18- DUAS CAVALGADURAS
O narrador conta que leu um conto de Ribeiro Couto, em que um estudante mata um judeu, dono de um sebo, depois que este lhe explora num negócio de livros. O narrador suspeita que a história se refere a um judeu, dono de um sebo que ele conhece. Ele vai ao sebo, vê um coelhinho de lã que imagina ter sido comprado pelo judeu de uma pobre criança faminta. Fantasia a cena como num texto de Dickens. Depois de interrogar o judeu acerca do coelhinho, o narrador descobre que se tratava de uma lembrança de um seu filho adotivo que morrera criança. A imagem de judeu ganancioso de desfaz e o narrador escreve ao amigo Ribeiro Couto dizendo-lhe: Somos duas cavalgaduras/bestas.
19- O BOM MARIDO
Teofrasto Pereira da Silva Bermudes é um explorador, um chupim. Casou-se com Isabel, contra a vontade da família da moça. Isabel/Belinha sustentou o folgado, trabalhando como professora, enquanto ele se cansava procurando emprego. Na verdade, gastava as horas discutindo política na farmácia. Mas ele era carinhoso e tratava a esposa sempre com dengos, dizendo-se de injustiçado pelo destino. A pobre Isabel adorava o marido e se desdobrava para criar os oito filhos. Morreu de tanto trabalhar. Seus pais vieram e levaram os filhos.

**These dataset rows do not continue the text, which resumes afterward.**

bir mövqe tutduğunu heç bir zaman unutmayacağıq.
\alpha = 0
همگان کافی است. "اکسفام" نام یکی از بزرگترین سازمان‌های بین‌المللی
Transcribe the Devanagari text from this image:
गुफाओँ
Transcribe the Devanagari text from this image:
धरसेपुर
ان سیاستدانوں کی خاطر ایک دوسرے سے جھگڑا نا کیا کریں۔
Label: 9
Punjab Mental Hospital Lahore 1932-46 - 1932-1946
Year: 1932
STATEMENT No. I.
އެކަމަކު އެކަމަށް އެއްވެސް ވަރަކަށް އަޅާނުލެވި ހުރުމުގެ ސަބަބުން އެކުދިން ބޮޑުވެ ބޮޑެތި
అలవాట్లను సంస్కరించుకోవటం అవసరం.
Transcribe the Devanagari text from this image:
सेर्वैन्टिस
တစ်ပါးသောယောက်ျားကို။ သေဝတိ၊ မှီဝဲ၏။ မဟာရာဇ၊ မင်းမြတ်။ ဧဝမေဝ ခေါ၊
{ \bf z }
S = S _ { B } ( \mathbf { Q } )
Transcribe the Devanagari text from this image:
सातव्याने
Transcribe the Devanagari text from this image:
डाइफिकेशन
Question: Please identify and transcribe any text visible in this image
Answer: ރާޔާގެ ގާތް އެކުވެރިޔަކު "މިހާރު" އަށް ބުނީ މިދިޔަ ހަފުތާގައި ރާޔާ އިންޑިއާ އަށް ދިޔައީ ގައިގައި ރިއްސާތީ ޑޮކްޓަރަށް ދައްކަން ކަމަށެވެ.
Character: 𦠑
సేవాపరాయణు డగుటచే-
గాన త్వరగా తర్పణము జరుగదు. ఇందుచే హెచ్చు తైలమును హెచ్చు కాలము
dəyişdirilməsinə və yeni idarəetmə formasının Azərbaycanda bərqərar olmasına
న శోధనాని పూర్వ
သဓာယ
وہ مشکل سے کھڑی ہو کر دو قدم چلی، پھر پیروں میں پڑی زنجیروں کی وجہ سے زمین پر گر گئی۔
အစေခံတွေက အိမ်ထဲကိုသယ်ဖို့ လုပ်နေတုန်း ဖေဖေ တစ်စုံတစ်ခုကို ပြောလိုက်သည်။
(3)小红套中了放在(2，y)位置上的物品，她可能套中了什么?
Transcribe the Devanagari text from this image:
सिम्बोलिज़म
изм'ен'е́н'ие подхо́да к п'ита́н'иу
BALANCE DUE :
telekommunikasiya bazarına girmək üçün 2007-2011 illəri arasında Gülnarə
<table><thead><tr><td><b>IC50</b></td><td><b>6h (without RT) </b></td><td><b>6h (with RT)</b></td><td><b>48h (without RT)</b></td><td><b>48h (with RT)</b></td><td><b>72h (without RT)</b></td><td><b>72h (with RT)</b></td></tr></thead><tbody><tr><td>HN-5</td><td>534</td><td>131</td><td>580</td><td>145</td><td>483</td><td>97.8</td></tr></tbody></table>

Teofrasto, então, casou-se com a dona da quitanda, graças a sua fama de bom marido.
20- O CAMICEGO
O narrador apresenta Edgard, criança de quatro anos, cuja imaginação criou o Camicego, um monstro imaginário que come gente e vive nos cantos da fazenda, da casa. O monstro faz parte das brincadeiras diárias de Edgard, Marta e Guilherme, até o dia em que encontram um morcego morto. Edgard o identificou o famigerado Camicego, e eles decidiram abri-lo como um porco, desfazendo o medo diante do misterioso monstro. Para decepção das crianças, a gente grande reprimiu a brincadeira e jogou fora o monstro.
21- MARABÁ
Monteiro Lobato ironiza o modelo dos romances românticos, a receita pronta das narrativas históricas, heroicas. E, para confirmar sua teoria, reproduz o esquema, adaptando-o a sua época, recorrendo à linguagem cinematográfica. O narrador dá ao leitor uma receita de romance romântico. Ele propõe uma recriação do universo romântico a partir de ícones consagrados: A índia Iná liberta um prisioneiro branco da tribo, foge com ele e gera uma filha, Marabá, a mestiça, amaldiçoada. Marabá é condenada à morte, mas a mãe a salva, levando-a para lugar seguro. Iná ensina à filha como sobreviver na floresta. Ela se torna uma ninfa loira e linda. Quando já moça, o índio Ipojuca, futuro cacique, se apaixona por ela, mas ele já está prometido a Moema. Esta descobre o romance de Ipojuca e Marabá e denuncia os amantes. Condenados à morte, são perseguidos pela tribo, mas acabam acolhidos pelo exército português. Ipojuca está ferido, um capitão reconhece Marabá como sendo sua filha e a abraça. Sem entender a cena, Ipojuca, ferido de morte, flecha sua jovem amada. Os dois morrem.
22- FATIA DE VIDA
O Cônego da cidade faz um discurso sobre caridade. O Doutor Bonifácio Torres, cético e crítico, contrariou o Cônego, que o desafiou a provar que a caridade não é um sentimento positivo. Bonifácio ilustra sua tese com a história de sua lavadeira Isaura, que perdeu dois filhos e uma neta, durante a gripe espanhola, por culpa da caridade de uma vizinha. Eles ficaram doentes e foram levados ao hospital. Lá pegaram infecções mais graves e vieram a falecer. O Cônego ficou sem resposta.